When Read Aloud, NaturalReader, or Speechify try to extract text from this page, they find either nothing (it's an image) or scrambled glyph codes that produce nonsense when fed to a TTS engine. This isn't a bug in those extensions. They're architecturally incapable of solving this problem.

How Amazon's Font Scrambling Actually Works
Amazon's Kindle renderer operates through a /renderer/render API that returns a TAR archive for each batch of pages. Inside that archive:

tokens_X_Y.json — paragraph boundaries and word bounding boxes, each identified by a positionId
page_data_X_Y.json — the actual glyph sequences, font references, and 2D transforms for positioning each character
glyphs.json — SVG path definitions for every glyph in the font subset (~93KB of vector data)
The key structure is the "run" — a sequence of glyph IDs that represents a chunk of text. Each run looks something like this:

{
"glyphs": [847, 203, 1044, 92, 847, 203, 1044],
"fontFamily": "amzn-mobi-KindleBookerly",
"elementId": "934",
"xPosition": [59.6, 67.2, 73.8, 80.1, 86.4, 93.0, 99.6]
}
Those glyph IDs — 847, 203, 1044 — are not Unicode. They're indices into the custom font subset delivered in glyphs.json. The font file knows how to draw glyph 847 as the letter "T," but that mapping exists only inside the font. There's a strict 1:1 relationship: one positionId corresponds to exactly one glyph.

Amazon refreshes these font subsets across render cycles. Navigate forward 18 pages and a new batch arrives — potentially with a completely different glyph mapping. Glyph 847 might now be "S" instead of "T." This means any decoder that caches mappings from the first batch will produce wrong text on later pages.

The scheme is elegant DRM. The browser renders the page correctly because it has the font file. But anything trying to read the underlying data programmatically gets meaningless numbers.

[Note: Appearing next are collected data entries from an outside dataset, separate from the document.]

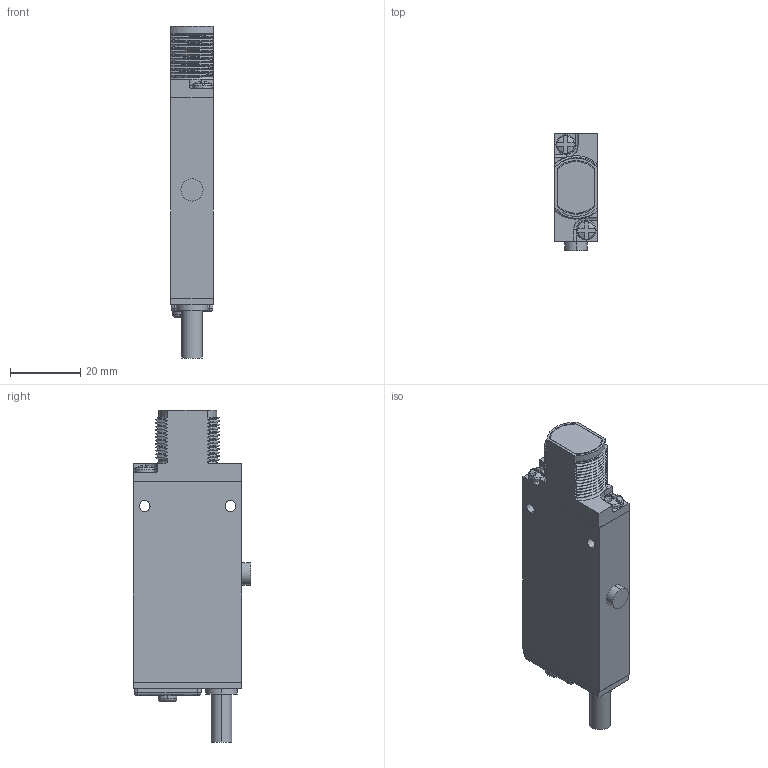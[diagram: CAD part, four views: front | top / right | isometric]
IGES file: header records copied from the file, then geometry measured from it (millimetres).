
Start section:  PTC IGES file: 155302.igs
Global section: file name: 155302.igs; native system: Pro/ENGINEER by Parametric Technology Corporation; preprocessor: 2009141; author: banengservice; organization: Unknown; date: 20101203.082857; units: inch
Bounding box: 12.19 x 33.27 x 94.41 mm (x, y, z)
Volume: 9447.5 mm3; surface area: 16677.5 mm2
Topology: 3 solids, 5 shells, 530 faces, 1421 edges, 919 vertices
Faces by surface type: bspline 310, revolution 220
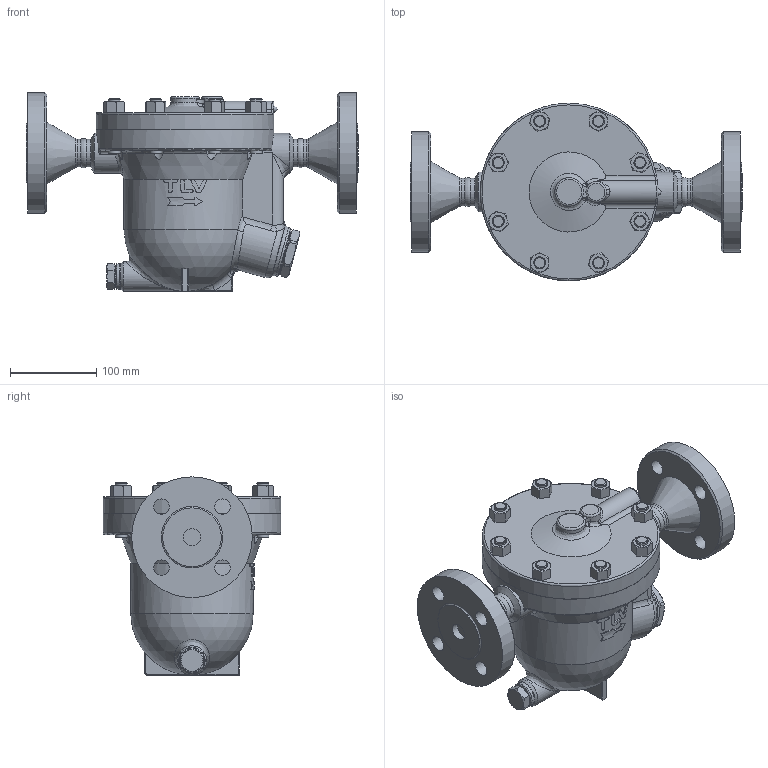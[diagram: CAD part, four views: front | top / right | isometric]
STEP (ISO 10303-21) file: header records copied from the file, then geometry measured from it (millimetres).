
FILE_DESCRIPTION((''),'2;1');
FILE_NAME('j7rlb-025-e0063-00.stp','2011-09-30T11:11:08',('asada'),(''),'Autodesk Inventor 2012','Autodesk Inventor 2012','');
FILE_SCHEMA(('AUTOMOTIVE_DESIGN { 1 0 10303 214 1 1 1 1 }'));
Length unit declared in the file: millimetre
Products named in the file (1): j7rlb-025-e0063-00
Bounding box: 385 x 206 x 230 mm (x, y, z)
Volume: 5154878 mm3; surface area: 324981.4 mm2
Topology: 1 solids, 1 shells, 426 faces, 1014 edges, 631 vertices
Faces by surface type: plane 146, cylinder 115, cone 81, bspline 49, torus 28, sphere 7
Full cylindrical faces by diameter (mm): 14 x24, 16 x8, 18 x8, 20 x2, 21 x1, 30 x1, 32 x4, 33 x1, 34 x1, 46 x1, 49.5 x1, 58 x1, 68 x2, 140 x2, 150 x1, 206 x2
Entity records: 15041 total; most frequent: CARTESIAN_POINT 6327, ORIENTED_EDGE 1786, DIRECTION 1665, EDGE_CURVE 893, AXIS2_PLACEMENT_3D 729, VERTEX_POINT 605, EDGE_LOOP 594, FACE_OUTER_BOUND 426

CastReader's Four-Step Decode Pipeline
CastReader solves this with a pipeline that runs entirely in your browser. No cloud processing. No API costs for decoding. Four coordinated components work across Chrome's execution contexts.

Step 1: Intercept the Render Data
A main-world content script (kindle-intercept.content.ts) runs at document_start — before Amazon's own code loads. It intercepts responses from the /renderer/render API, parses the TAR archive, and extracts the token data, page data, and glyph definitions.

This happens transparently. The interceptor doesn't block or modify Amazon's rendering. It just copies the data as it flows through, accumulating pages across all three batches that Amazon sends per render cycle (current pages, backward prefetch, forward prefetch — roughly 18 pages total).

The extracted data gets passed to an isolated-world content script via DOM attributes. Two Chrome execution contexts, cooperating through the only bridge available to them.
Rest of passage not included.